HOW TO COMPLETE THIS TASK:
Return the data word for word. Pictures are to be omitted.

===== GIVEN RECORDS =====

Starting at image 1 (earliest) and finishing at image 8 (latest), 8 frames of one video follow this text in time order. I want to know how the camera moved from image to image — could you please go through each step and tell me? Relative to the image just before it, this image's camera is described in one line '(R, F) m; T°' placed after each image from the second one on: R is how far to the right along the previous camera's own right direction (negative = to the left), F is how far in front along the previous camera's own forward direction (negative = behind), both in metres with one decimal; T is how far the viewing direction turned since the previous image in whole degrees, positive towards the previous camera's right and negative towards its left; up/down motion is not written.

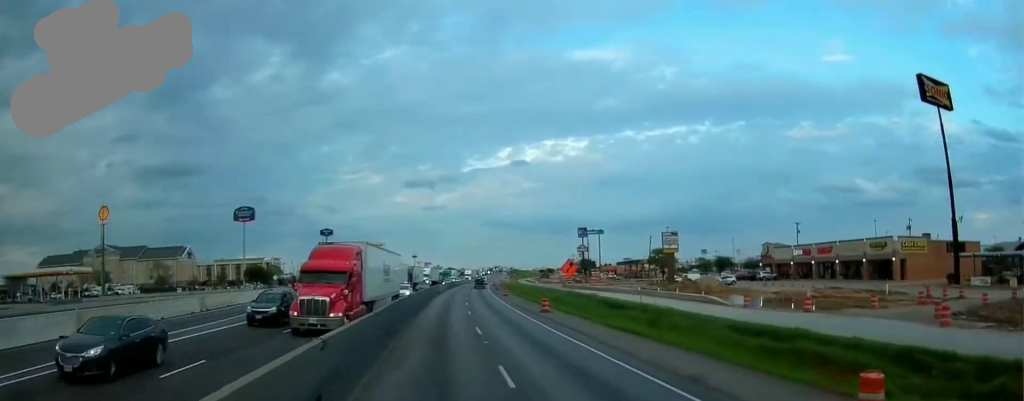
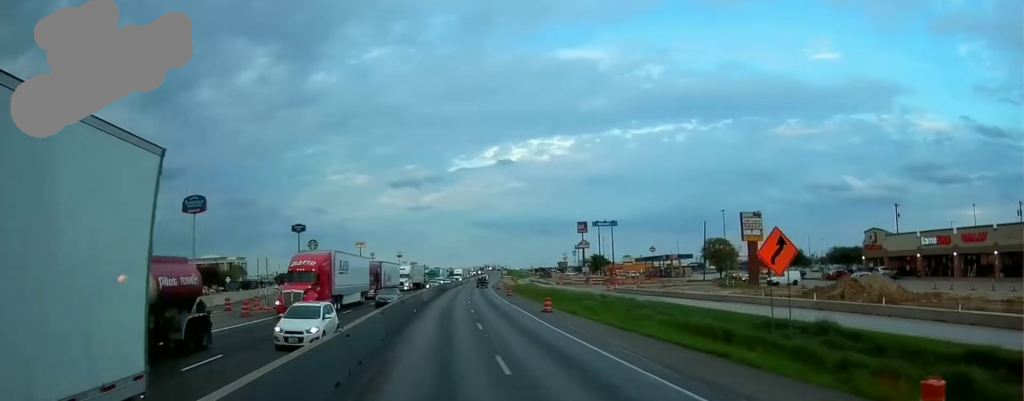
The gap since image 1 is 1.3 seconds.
(+0.5, +35.5) m; +1°
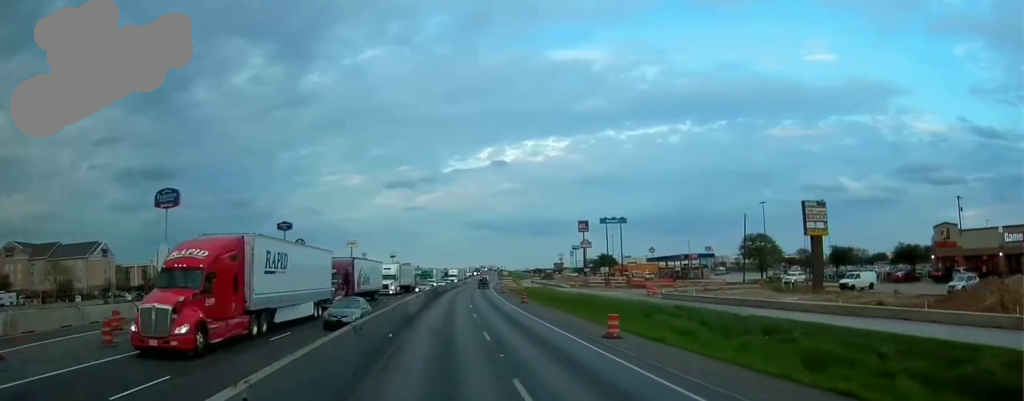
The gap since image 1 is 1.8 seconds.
(-0.5, +16.0) m; 0°
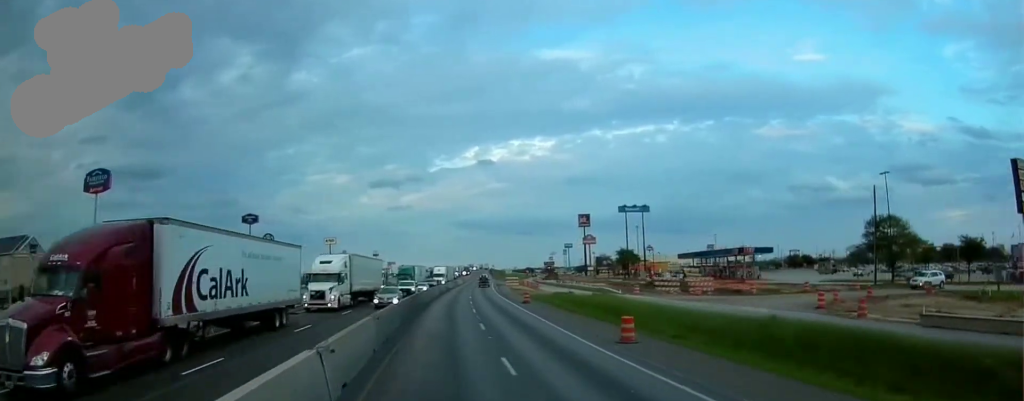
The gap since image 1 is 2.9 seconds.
(+1.1, +31.7) m; +1°
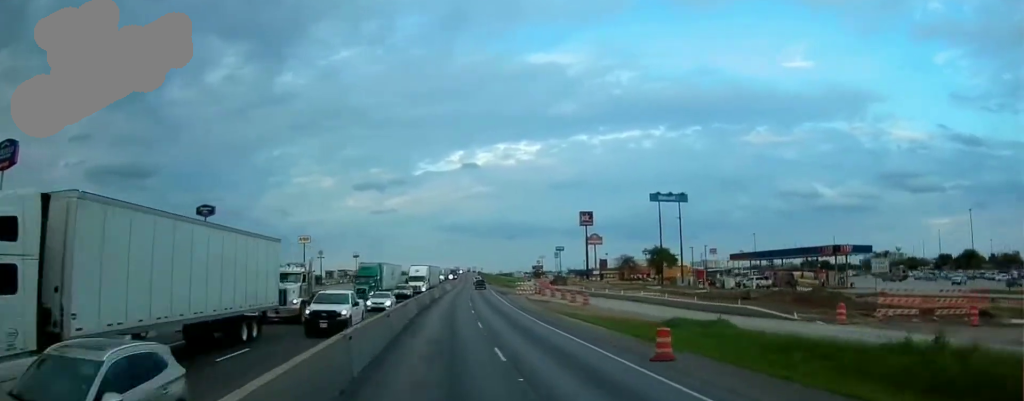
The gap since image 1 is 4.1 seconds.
(-0.2, +35.0) m; +1°
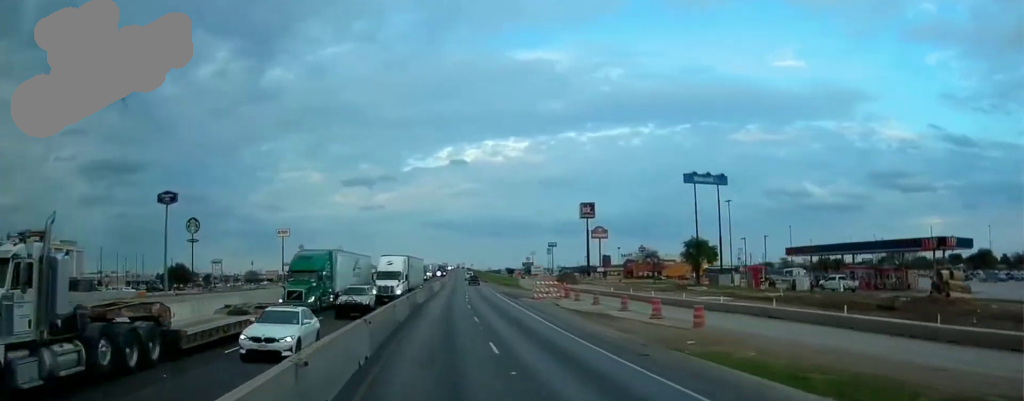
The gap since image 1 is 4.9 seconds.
(+0.4, +23.4) m; +1°
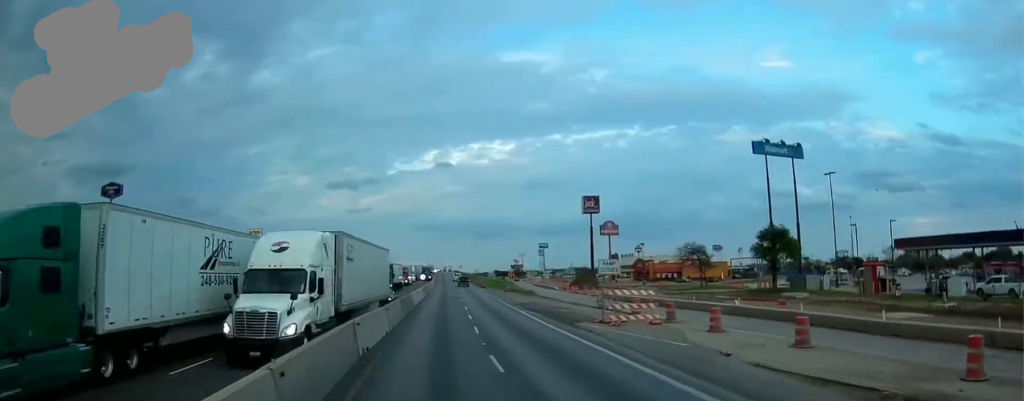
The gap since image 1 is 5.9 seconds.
(-0.3, +27.4) m; +2°
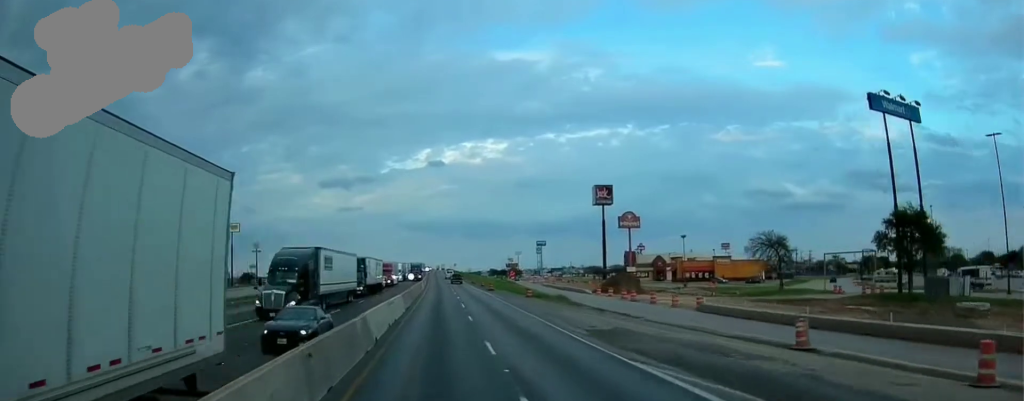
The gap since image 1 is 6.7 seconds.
(+1.0, +25.5) m; +2°
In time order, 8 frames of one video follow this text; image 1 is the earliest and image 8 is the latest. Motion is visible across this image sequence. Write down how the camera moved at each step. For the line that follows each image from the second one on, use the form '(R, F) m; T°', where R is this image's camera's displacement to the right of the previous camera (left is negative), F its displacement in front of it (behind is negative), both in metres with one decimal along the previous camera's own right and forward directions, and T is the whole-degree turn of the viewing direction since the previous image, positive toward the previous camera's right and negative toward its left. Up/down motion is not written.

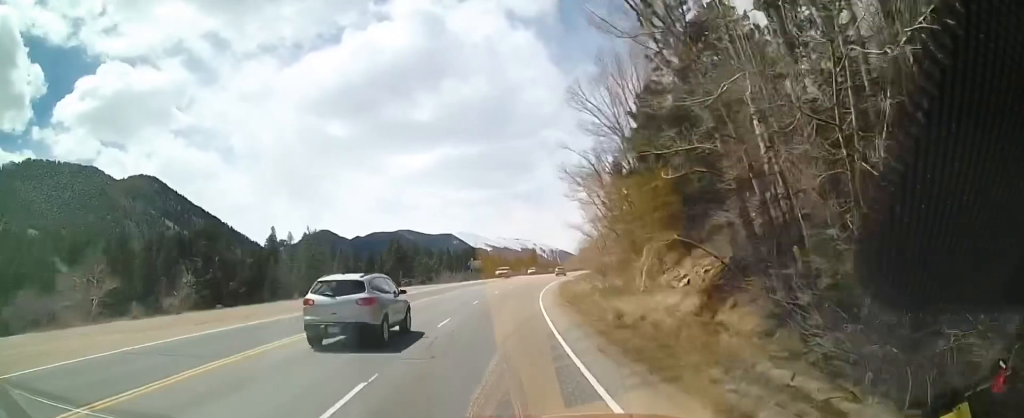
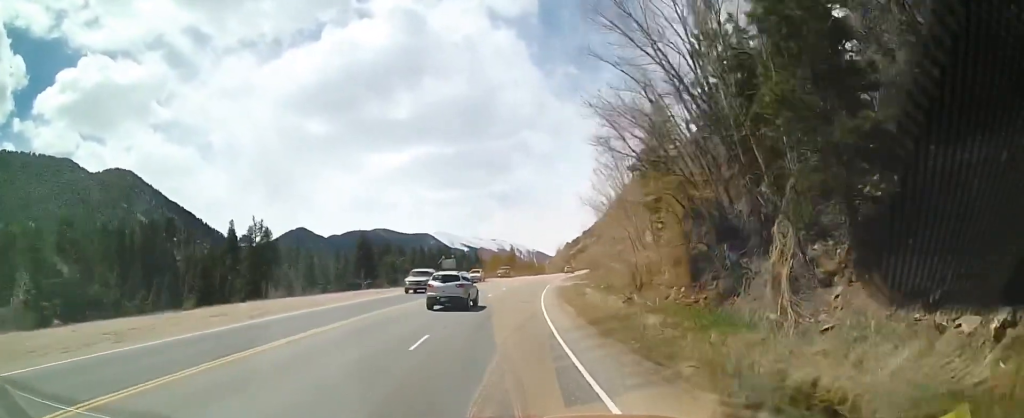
(+1.2, +17.5) m; +7°
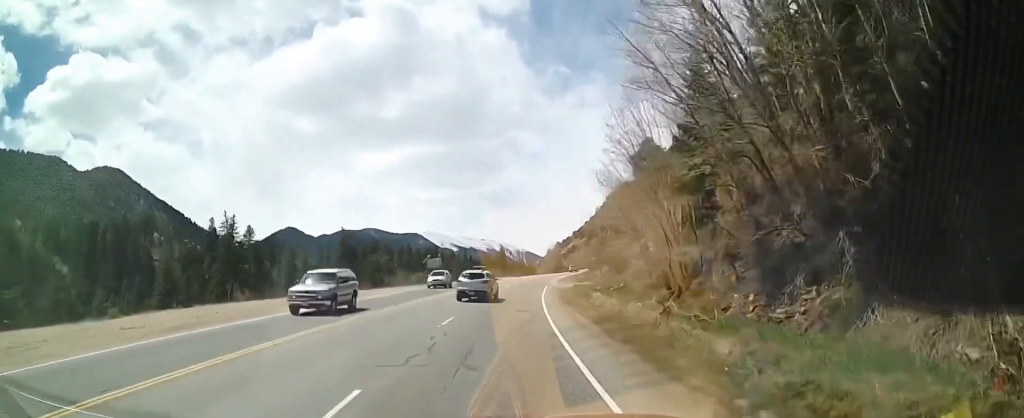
(+0.2, +7.6) m; 0°
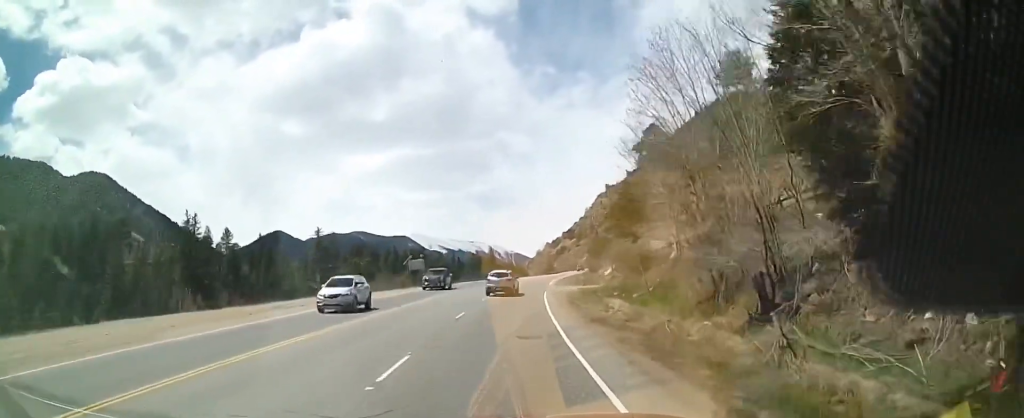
(-0.4, +9.6) m; -2°
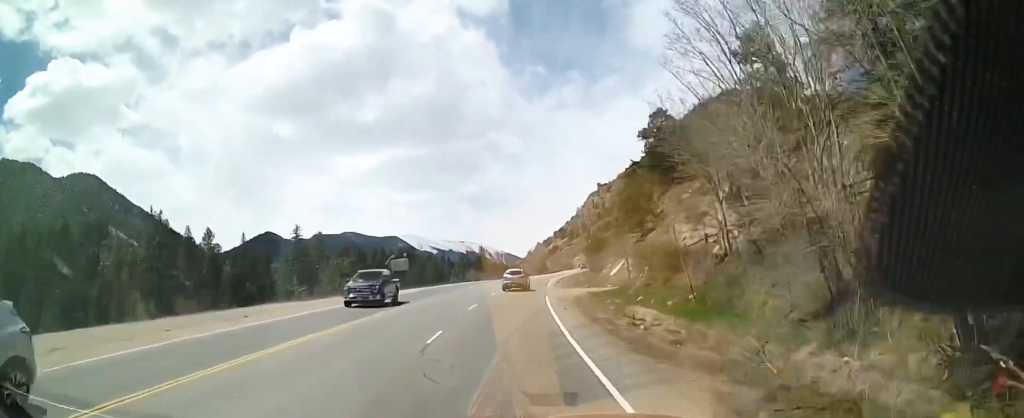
(0.0, +7.6) m; 0°
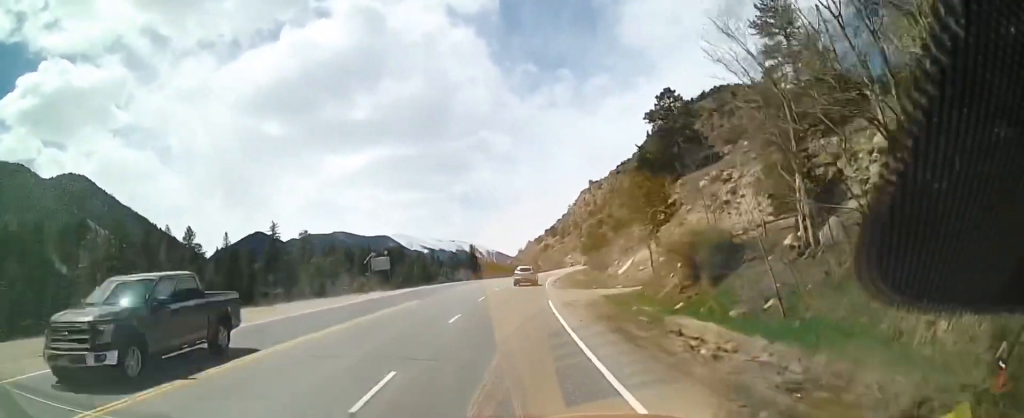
(0.0, +7.3) m; +1°
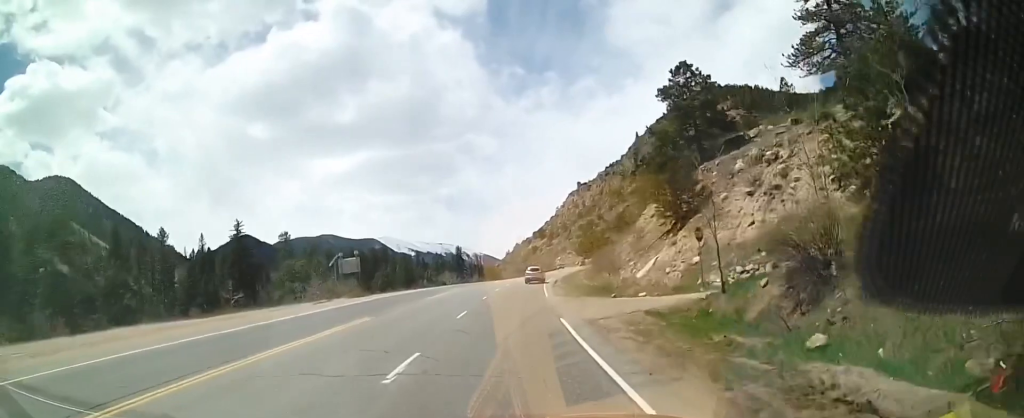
(+0.1, +9.9) m; +2°
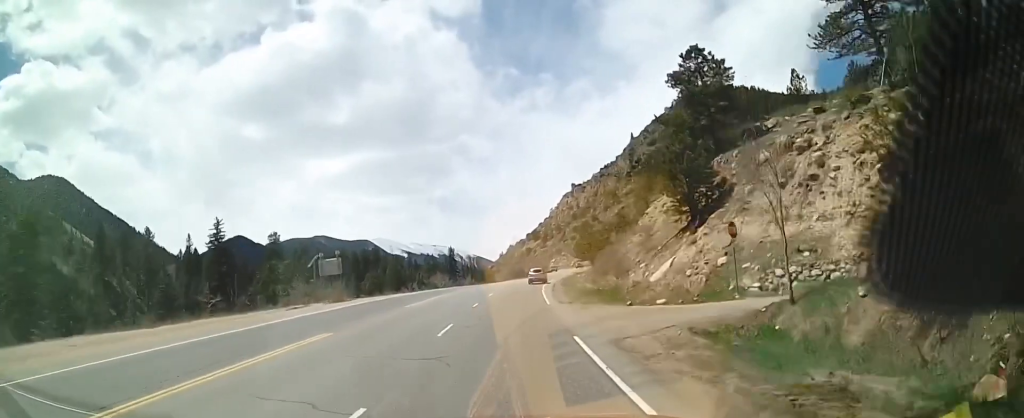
(+0.2, +4.9) m; 0°
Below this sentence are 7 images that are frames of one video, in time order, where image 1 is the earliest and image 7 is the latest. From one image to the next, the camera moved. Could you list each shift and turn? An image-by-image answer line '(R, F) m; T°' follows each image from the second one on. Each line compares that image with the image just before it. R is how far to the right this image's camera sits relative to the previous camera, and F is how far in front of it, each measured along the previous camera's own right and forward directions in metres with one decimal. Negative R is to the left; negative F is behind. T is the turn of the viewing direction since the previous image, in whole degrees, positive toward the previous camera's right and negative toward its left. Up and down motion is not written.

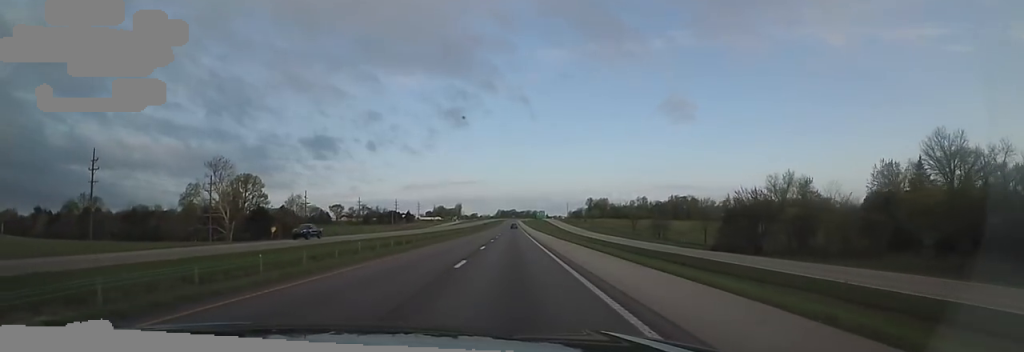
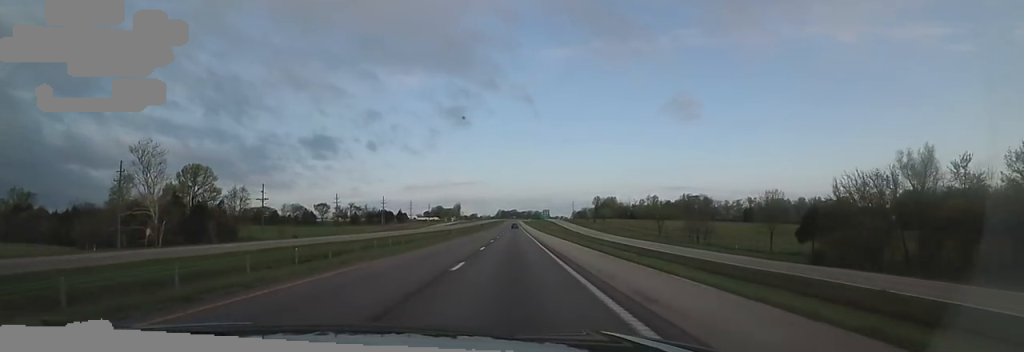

=====

TASK OUTPUT:
Starting at image 1 (earliest) and finishing at image 8 (latest), 8 frames of one video follow this text in time order. I want to know how the camera moved from image to image — could you please go through each step and tell me? Relative to the image just before it, this image's camera is described in one line '(R, F) m; T°' placed after each image from the second one on: R is how far to the right along the previous camera's own right direction (negative = to the left), F is how far in front along the previous camera's own forward direction (negative = behind), both in metres with one decimal; T is how far the viewing direction turned since the previous image in whole degrees, positive towards the previous camera's right and negative towards its left; up/down motion is not written.

The gap since image 1 is 1.3 seconds.
(+0.5, +35.5) m; +1°
The gap since image 1 is 1.8 seconds.
(-0.5, +16.0) m; 0°
The gap since image 1 is 2.9 seconds.
(+1.1, +31.7) m; +1°
The gap since image 1 is 4.1 seconds.
(-0.2, +35.0) m; +1°
The gap since image 1 is 4.9 seconds.
(+0.4, +23.4) m; +1°
The gap since image 1 is 5.9 seconds.
(-0.3, +27.4) m; +2°
The gap since image 1 is 6.7 seconds.
(+1.0, +25.5) m; +2°
In time order, 8 frames of one video follow this text; image 1 is the earliest and image 8 is the latest. Motion is visible across this image sequence. Write down how the camera moved at each step. For the line that follows each image from the second one on, use the form '(R, F) m; T°', where R is this image's camera's displacement to the right of the previous camera (left is negative), F its displacement in front of it (behind is negative), both in metres with one decimal along the previous camera's own right and forward directions, and T is the whole-degree turn of the viewing direction since the previous image, positive toward the previous camera's right and negative toward its left. Up/down motion is not written.

(+1.2, +17.5) m; +7°
(+0.2, +7.6) m; 0°
(-0.4, +9.6) m; -2°
(0.0, +7.6) m; 0°
(0.0, +7.3) m; +1°
(+0.1, +9.9) m; +2°
(+0.2, +4.9) m; 0°
Below this sentence are 7 images that are frames of one video, in time order, where image 1 is the earliest and image 7 is the latest. From one image to the next, the camera moved. Could you list each shift and turn? An image-by-image answer line '(R, F) m; T°' follows each image from the second one on. Each line compares that image with the image just before it. R is how far to the right this image's camera sits relative to the previous camera, and F is how far in front of it, each measured along the previous camera's own right and forward directions in metres with one decimal. Negative R is to the left; negative F is behind. T is the turn of the viewing direction since the previous image, in whole degrees, positive toward the previous camera's right and negative toward its left. Up and down motion is not written.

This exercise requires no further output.